----- Raw data -----

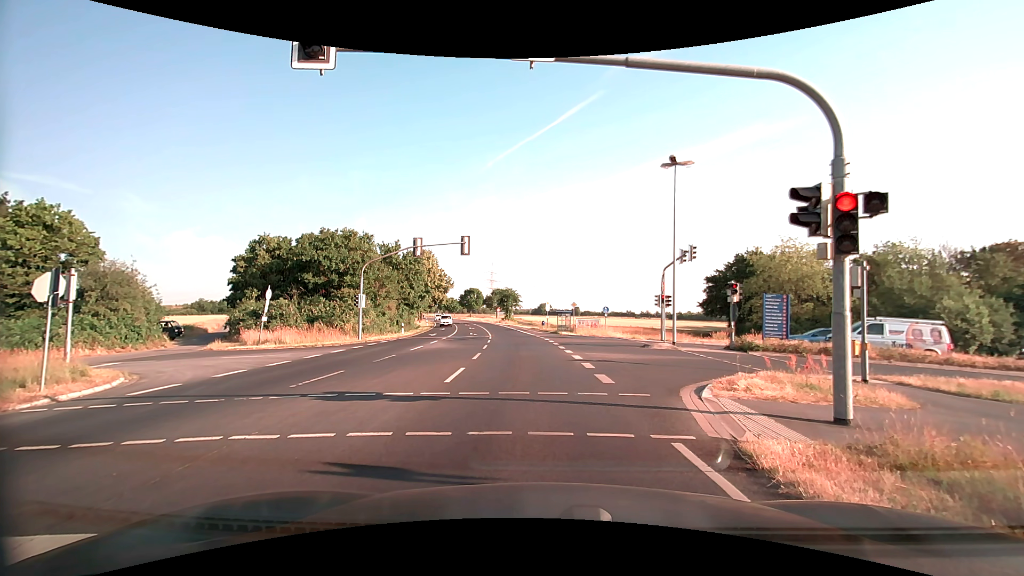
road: secondary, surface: asphalt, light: Day
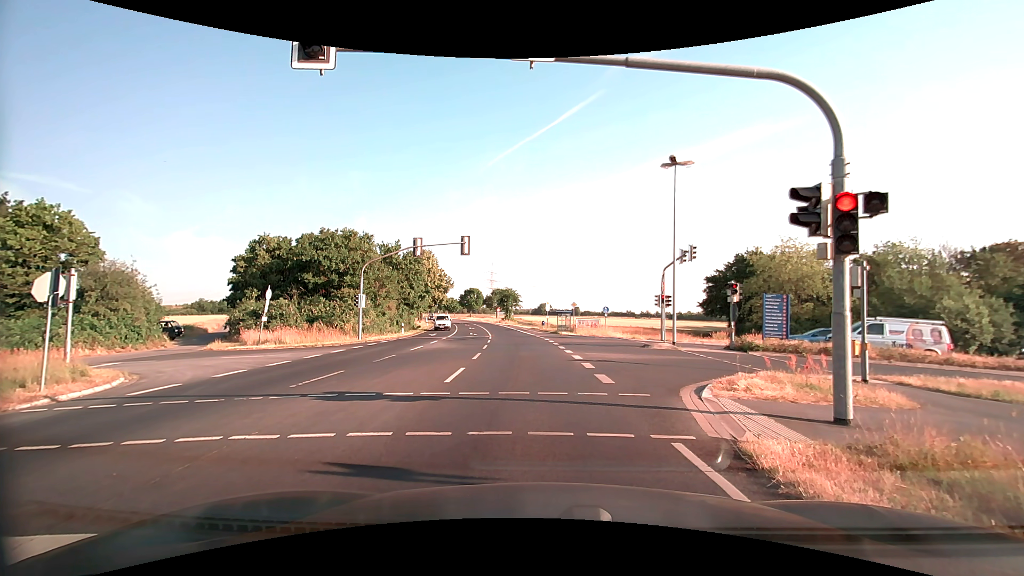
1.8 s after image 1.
(0.0, 0.0) m; 0°
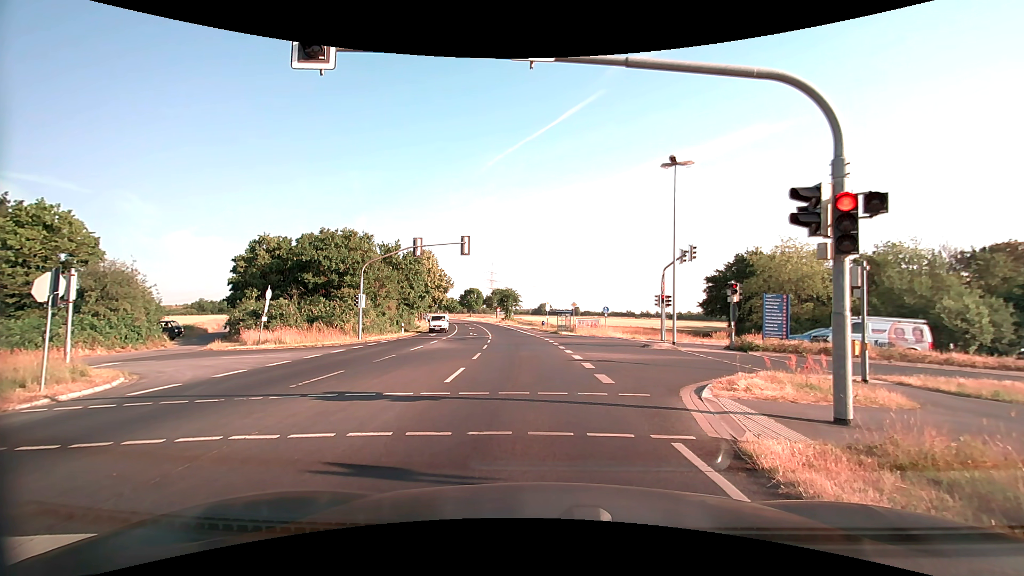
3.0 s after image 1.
(0.0, 0.0) m; 0°
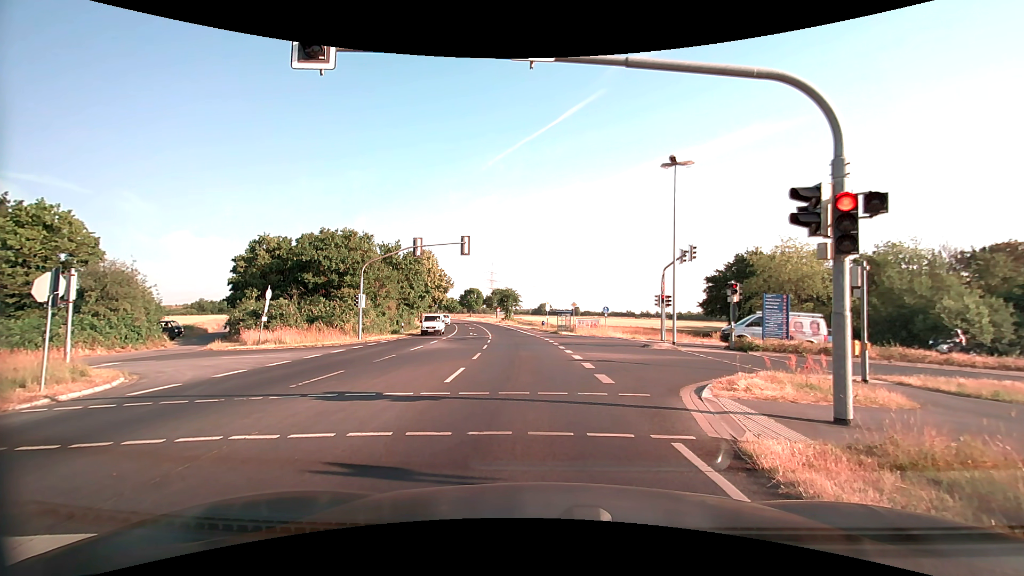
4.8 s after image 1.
(0.0, 0.0) m; 0°
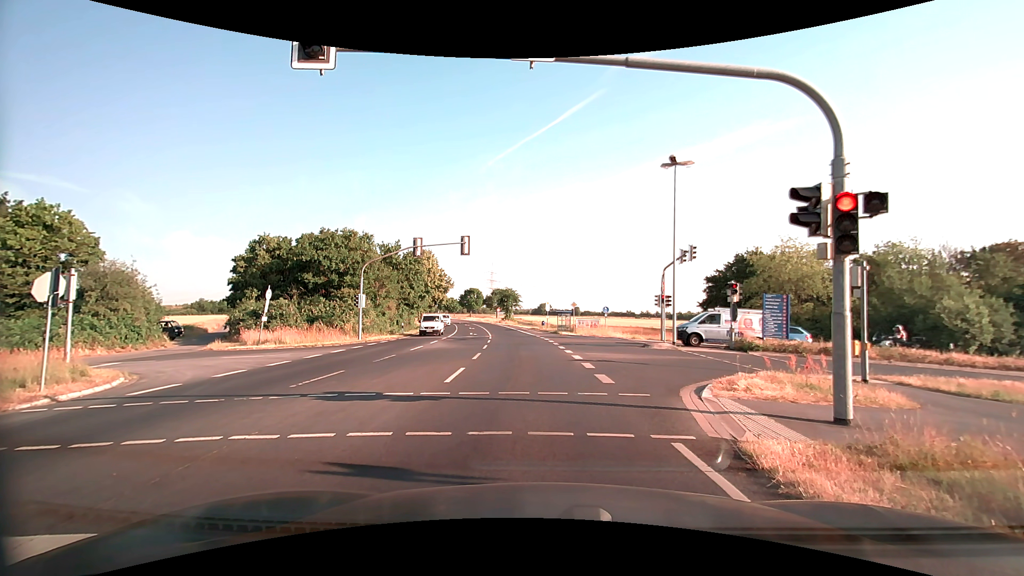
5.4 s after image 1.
(0.0, 0.0) m; 0°
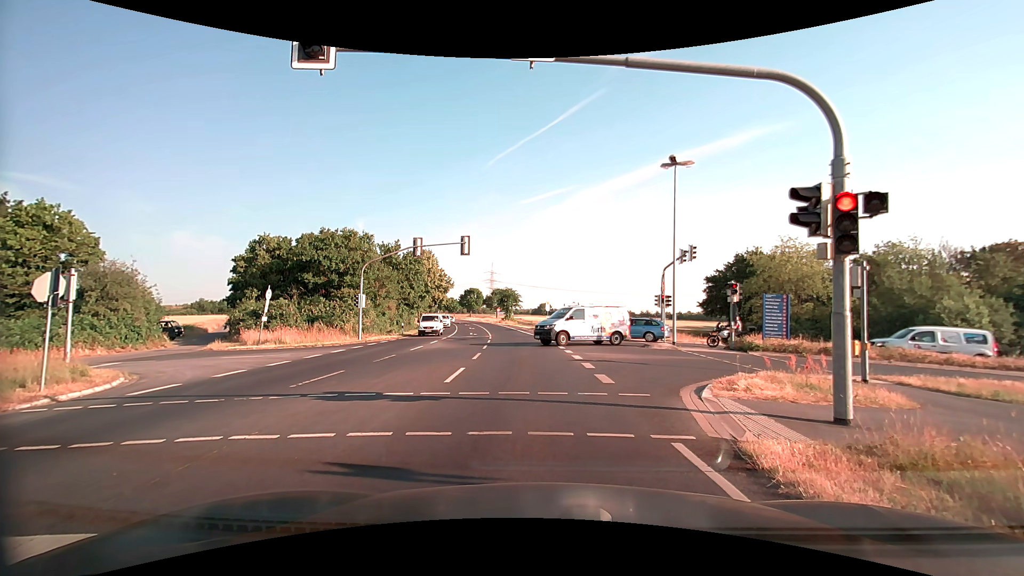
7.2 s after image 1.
(0.0, 0.0) m; 0°
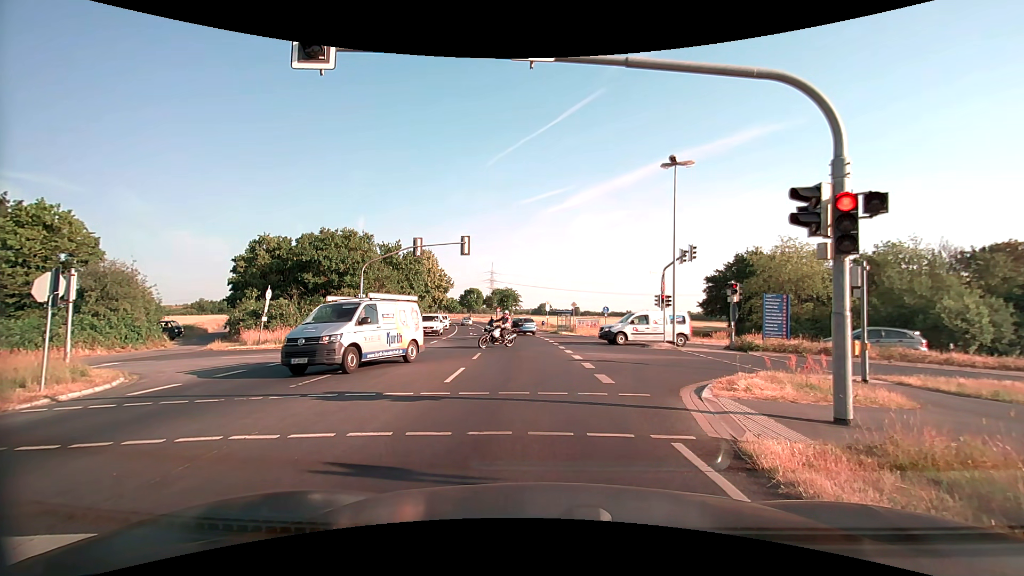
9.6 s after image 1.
(0.0, 0.0) m; 0°
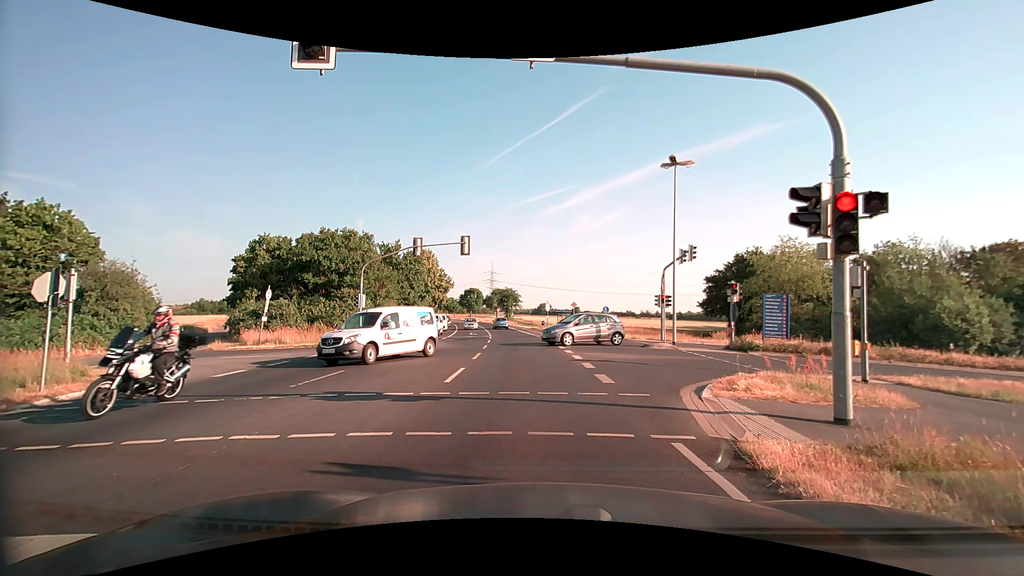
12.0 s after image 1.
(0.0, 0.0) m; 0°
(0, +10) (-1, +20) (-1, +30) (-2, +40) (-3, +50) (-5, +60) (-6, +70) (-8, +79) (-10, +89) (-12, +99) m

-----

● Activity: Nothing but the lines from the one that contains "5.4 s after image 1." through the last line of the records belongs in the answer, reproduced exactly, with no pictures.

● Exercise answer:
5.4 s after image 1.
(0.0, 0.0) m; 0°
7.2 s after image 1.
(0.0, 0.0) m; 0°
9.6 s after image 1.
(0.0, 0.0) m; 0°
12.0 s after image 1.
(0.0, 0.0) m; 0°
(0, +10) (-1, +20) (-1, +30) (-2, +40) (-3, +50) (-5, +60) (-6, +70) (-8, +79) (-10, +89) (-12, +99) m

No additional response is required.